Cathy Hutchison picked up a thermos of coffee,  took a sip and the room erupted into applause. For the first time in fifteen years, the paralyzed Hutchison was able to accomplish simple motor tasks with her mind, and a little robotic assistance.

“Cathy had a tiny array of electrodes implanted into her brain, five years ago...Now, for the first time, Cathy has used the same implants to control a robot arm.”

Ever since a severe stroke in 1996 left her paralyzed, Cathy has been confined to a wheelchair, unable to manage even the simplest tasks by herself. Now, a new method of computer-brain interaction allows Cathy to bypass her damaged nervous system and control a robotic prosthetic with her mind.

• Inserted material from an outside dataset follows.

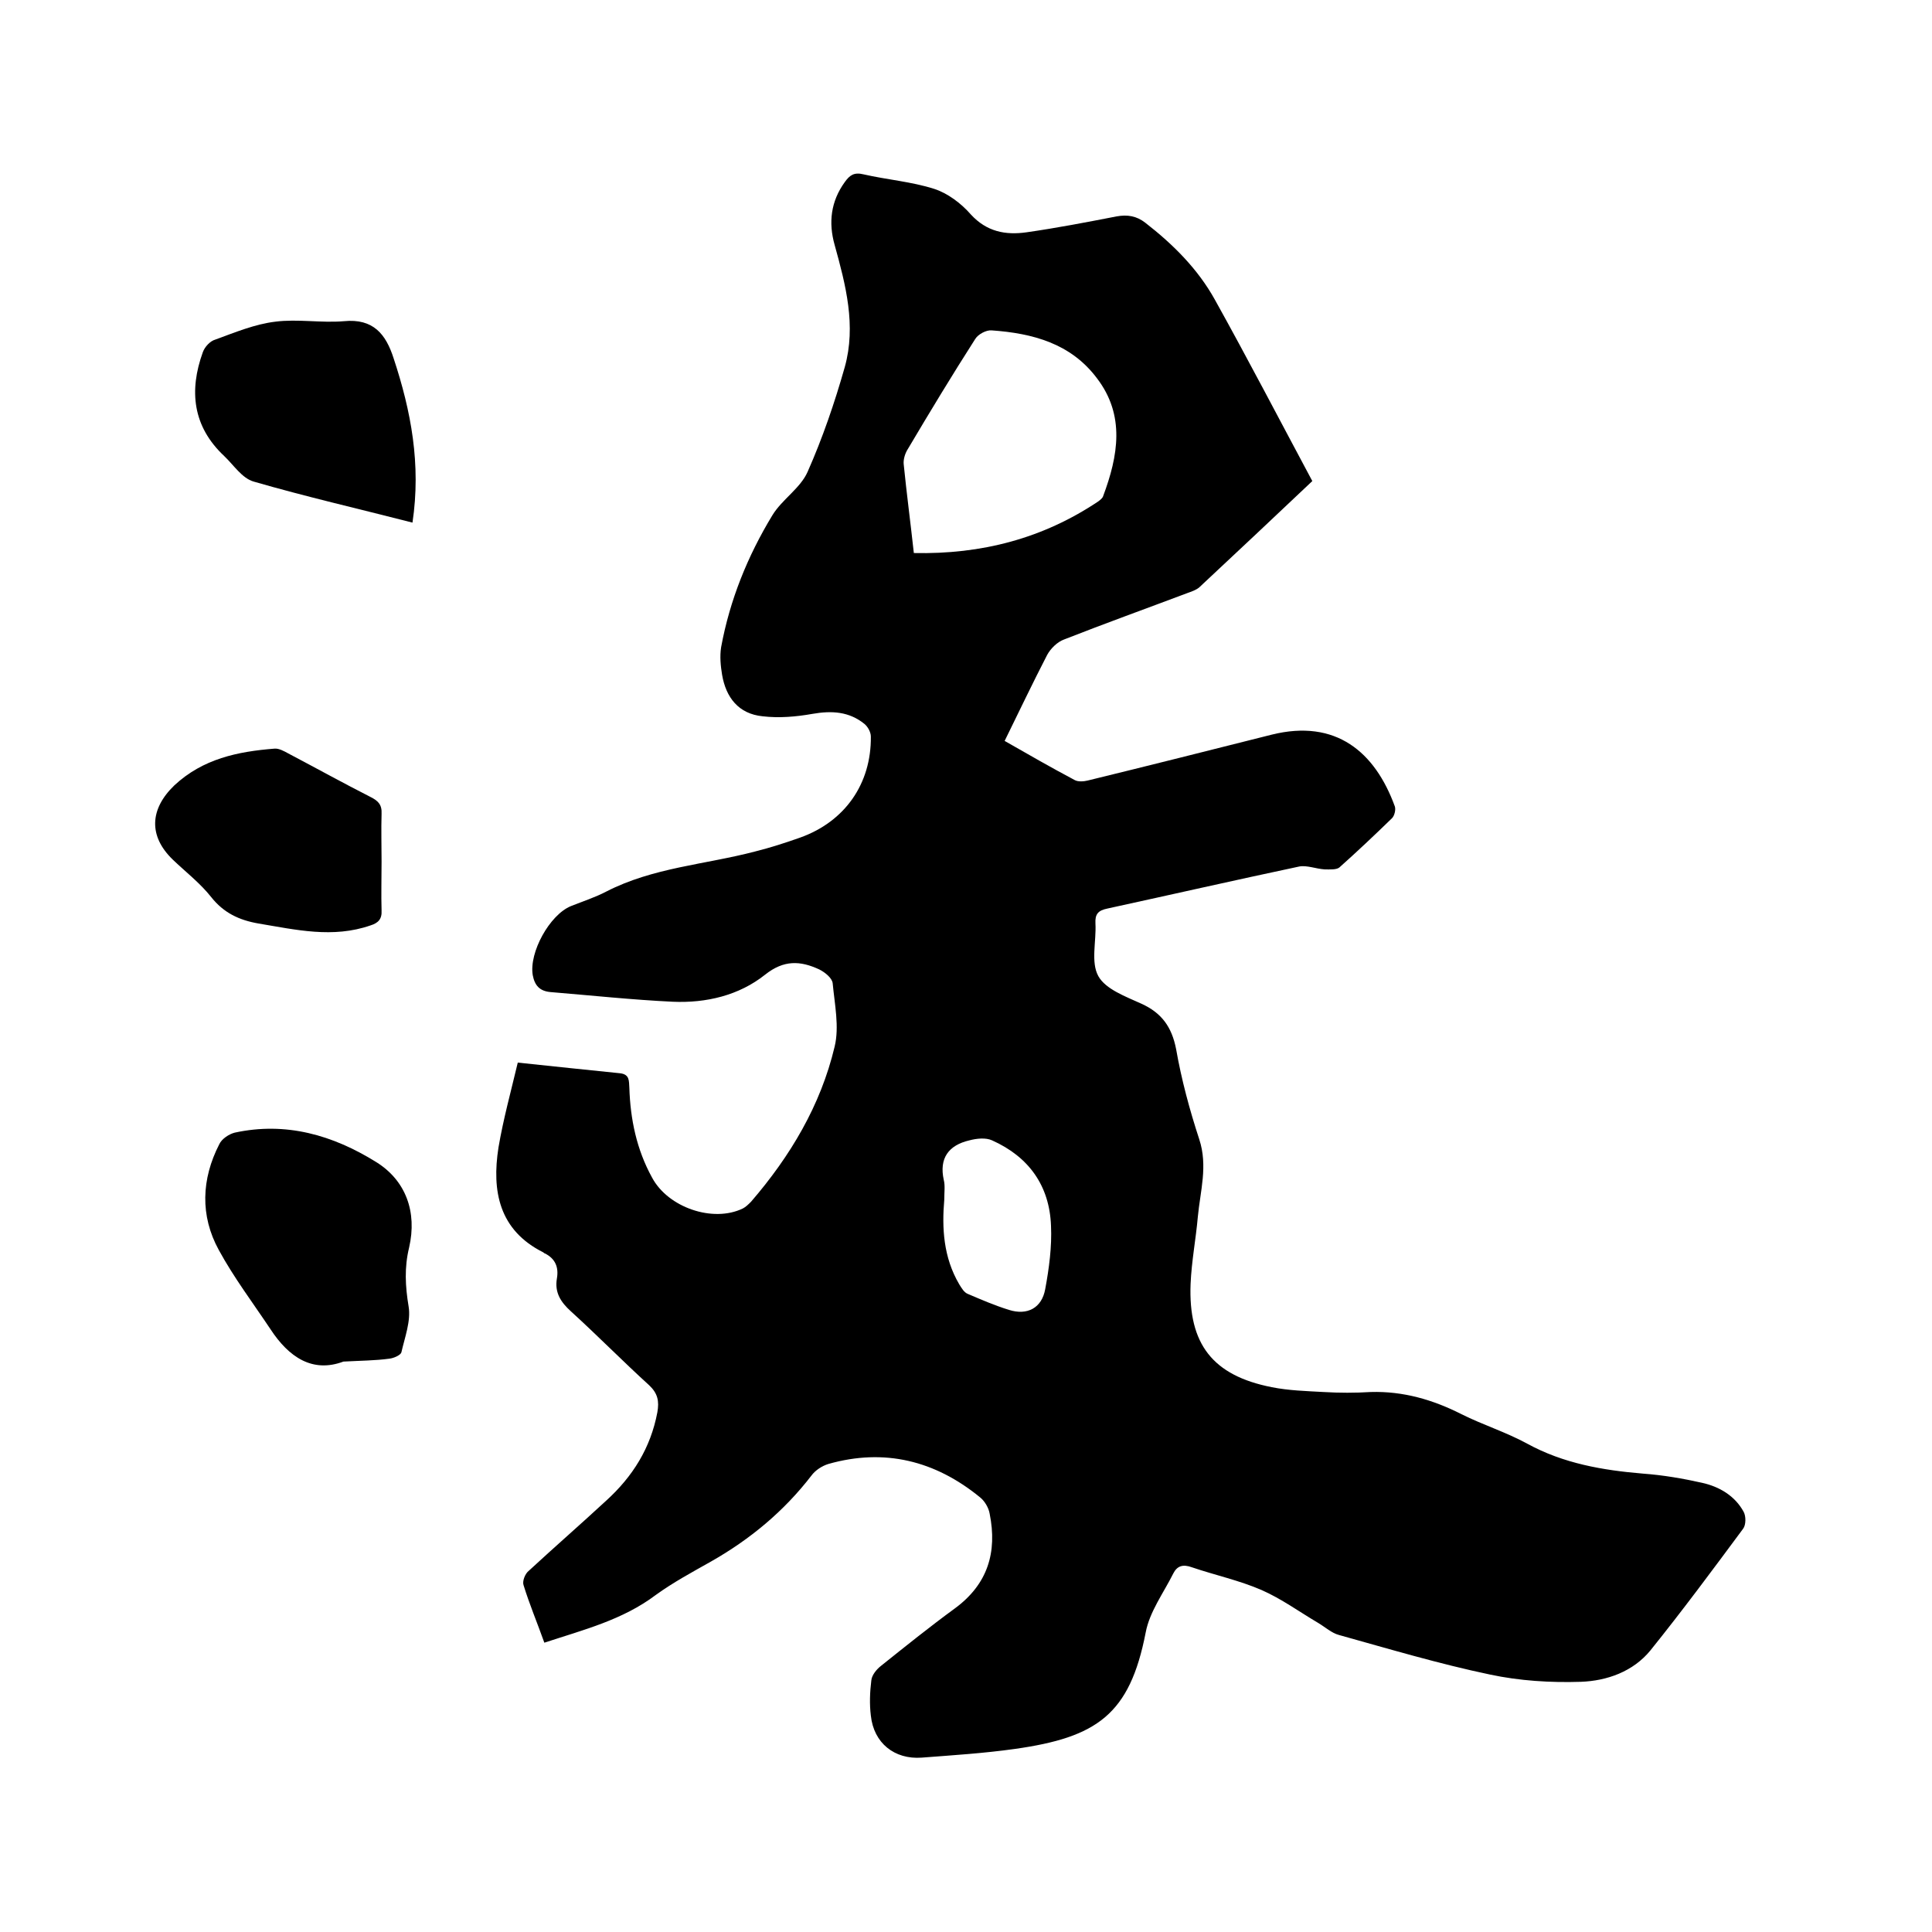 <svg enable-background="new 0 0 400 400" viewBox="0 0 400 400" xmlns="http://www.w3.org/2000/svg"><path d="m112.7 340.1c-1.5-4.2-3.1-8-4.3-11.9-.3-.8.3-2.4 1.1-3 5.3-4.9 10.7-9.6 16-14.5 5.5-5 9.2-10.9 10.6-18.3.4-2.3.1-3.9-1.7-5.6-5.5-5-10.7-10.3-16.2-15.3-2.1-1.9-3.4-3.9-2.9-6.8.4-2.3-.3-4.1-2.5-5.2-.1 0-.2-.1-.3-.2-9.2-4.6-10.7-12.7-9.3-21.7 1-5.9 2.6-11.7 4-17.6 7.5.8 14.3 1.5 21.1 2.2 2.1.2 1.9 1.6 2 3 .2 6.5 1.5 12.8 4.7 18.6 3.3 6.2 12.6 9.4 18.8 6.4.6-.3 1.2-.9 1.7-1.4 8.1-9.4 14.4-19.9 17.3-32.1 1-4.1 0-8.8-.4-13.1-.1-1.1-1.6-2.3-2.8-2.9-3.9-1.8-7.3-2-11.2 1.1-5.4 4.3-12.2 5.9-19.1 5.6-8.4-.4-16.8-1.3-25.3-2-2.3-.2-3.3-1.4-3.7-3.5-.8-4.7 3.5-12.5 7.9-14.3 2.5-1 5-1.8 7.3-3 9.7-5 20.5-5.6 30.8-8.3 3.2-.8 6.3-1.8 9.4-2.9 9.2-3.3 14.7-11.1 14.6-20.9 0-.9-.6-2-1.3-2.6-3.2-2.6-6.8-2.8-10.8-2.1-3.4.6-6.9.9-10.3.5-5-.5-7.6-3.9-8.4-8.6-.3-1.8-.5-3.8-.2-5.7 1.8-9.8 5.5-18.9 10.6-27.3 2-3.3 5.8-5.6 7.3-9 3.1-7 5.6-14.3 7.7-21.7 2.4-8.6.2-17-2.1-25.3-1.3-4.6-.8-9 2.1-13 1-1.4 1.9-2.1 3.9-1.6 4.8 1.1 9.9 1.5 14.6 3 2.8.9 5.6 3 7.6 5.3 3.3 3.6 7.2 4.3 11.5 3.7 6.3-.9 12.5-2.1 18.7-3.3 2.2-.4 4.1-.1 5.9 1.3 5.8 4.5 10.9 9.6 14.4 15.9 6.9 12.4 13.4 24.9 20.2 37.6-7.8 7.4-15.6 14.7-23.4 22-.7.6-1.7.9-2.5 1.2-8.5 3.2-17.1 6.3-25.5 9.6-1.4.5-2.8 1.9-3.5 3.2-3 5.8-5.8 11.7-8.8 17.8 4.9 2.8 9.6 5.5 14.5 8.1.7.4 1.9.3 2.7.1 12.7-3.1 25.4-6.3 38.1-9.5 13.3-3.3 21.4 3.6 25.5 14.9.2.7-.1 1.9-.6 2.4-3.6 3.5-7.2 6.9-10.9 10.2-.6.5-2 .4-3 .4-1.8-.1-3.7-.9-5.3-.6-13.2 2.8-26.4 5.8-39.7 8.7-2 .4-2.6 1.2-2.5 3.1.2 3.7-1 8 .6 10.9 1.5 2.7 5.6 4.2 8.9 5.7 4.2 1.9 6.3 4.8 7.2 9.4 1.1 6.3 2.8 12.6 4.8 18.7 1.8 5.5.2 10.7-.3 16-.4 4.6-1.3 9.2-1.5 13.9-.5 12.5 4.6 19 16.8 21.4 3.5.7 7.1.8 10.7 1 3.3.2 6.6.2 9.8 0 6.7-.2 12.9 1.6 18.8 4.6 4.4 2.2 9.2 3.7 13.6 6.1 7.5 4.1 15.6 5.5 24 6.2 4.1.3 8.2 1 12.2 1.9 3.6.8 6.8 2.7 8.6 6 .5.9.5 2.7-.1 3.5-6.3 8.5-12.6 17-19.2 25.2-3.6 4.4-9 6.3-14.4 6.5-6.3.2-12.7-.2-18.8-1.5-10.5-2.2-20.9-5.3-31.3-8.2-1.5-.4-2.8-1.6-4.3-2.5-3.9-2.3-7.6-5-11.7-6.8-4.6-2-9.7-3.1-14.4-4.7-1.9-.7-3.1-.3-3.9 1.3-2 4-4.9 7.9-5.7 12.2-3.3 17-10.1 21.7-27.1 24.1-6.4.9-12.8 1.3-19.3 1.8-5.6.4-9.9-3-10.5-8.7-.3-2.4-.2-4.9.1-7.3.1-1.1 1.1-2.3 2-3 5-4 10.1-8.1 15.3-11.9 6.8-5 8.8-11.6 7.2-19.6-.2-1.2-1-2.6-2-3.4-9.3-7.6-19.8-10.2-31.4-6.9-1.3.4-2.7 1.3-3.5 2.4-5.7 7.4-12.7 13.2-20.8 17.8-3.9 2.2-7.8 4.3-11.4 6.9-6.9 5.2-14.9 7.2-23.1 9.9zm76.5-225.6c14 .3 26.7-3 38.2-10.7.4-.3.9-.7 1-1.1 3.1-8.3 4.6-16.7-1.3-24.4-5.4-7.2-13.3-9.3-21.8-9.9-1.1-.1-2.8.8-3.4 1.8-4.8 7.5-9.4 15.1-13.9 22.7-.6.9-1 2.2-.9 3.2.6 6 1.4 12 2.1 18.4zm6.3 133.9c-.5 5.8-.2 11.9 3.1 17.5.5.8 1 1.7 1.8 2 2.8 1.2 5.6 2.4 8.5 3.3 3.8 1.2 6.8-.4 7.5-4.3.8-4.3 1.4-8.8 1.2-13.1-.3-8.3-4.6-14.3-12.2-17.7-1.3-.6-3.2-.4-4.7 0-4.3 1-6.3 3.7-5.3 8.2.3 1.2.1 2.5.1 4.1z"/><path d="m71.1 281.9c-6.4 2.4-11.3-.9-15.1-6.7-3.6-5.4-7.6-10.7-10.7-16.4-3.9-7.1-3.6-14.7.1-21.9.5-1.1 2-2.1 3.2-2.4 10.6-2.3 20.3.5 29.3 6.1 6.1 3.8 8.5 10.3 6.8 17.7-1 4.1-.8 8-.1 12.2.5 3-.8 6.4-1.5 9.5-.2.6-1.6 1.2-2.5 1.3-3 .4-5.8.4-9.5.6z"/><path d="m85.4 108.2c-11.3-2.9-22.2-5.4-32.9-8.5-2.4-.7-4.1-3.4-6.1-5.3-6.5-6.1-7.3-13.5-4.4-21.5.4-1.1 1.5-2.3 2.6-2.6 4.1-1.5 8.2-3.2 12.4-3.7 4.6-.6 9.5.3 14.2-.1 6.1-.6 8.7 2.7 10.3 7.7 3.6 10.9 5.7 21.9 3.9 34z"/><path d="m79 178.4c0 3.4-.1 6.8 0 10.1.1 1.8-.7 2.6-2.3 3.1-7.8 2.7-15.4.9-23.2-.4-4-.7-7.2-2.2-9.8-5.5-2.3-2.9-5.3-5.2-7.9-7.7-5.1-4.9-4.8-10.5.3-15.4 5.9-5.5 13.1-7 20.7-7.6.9-.1 2 .5 2.9 1 5.7 3 11.3 6.1 17 9 1.6.8 2.4 1.6 2.3 3.5-.1 3.3 0 6.6 0 9.9z"/></svg>

“The experiments are part of a continuing clinical trial of a "neural interface" system known as BrainGate... The system detects electrical signals in the brain and uses them to control an external device—in this case, a robotic arm.”

Cathy’s sip of coffee is both a triumph for neurology and a personal milestone. In an interview with the BBC, Professor John Donoghue was visibly elated at the success of the experiment.

“There was a moment of true joy, true happiness. I mean, it was beyond the fact that it was an accomplishment.”

The project lead, Professor Leigh Hochberg, hopes this test will lead to further advancement. Eventually, he says, neural implants could cut out the mechanical middleman entirely.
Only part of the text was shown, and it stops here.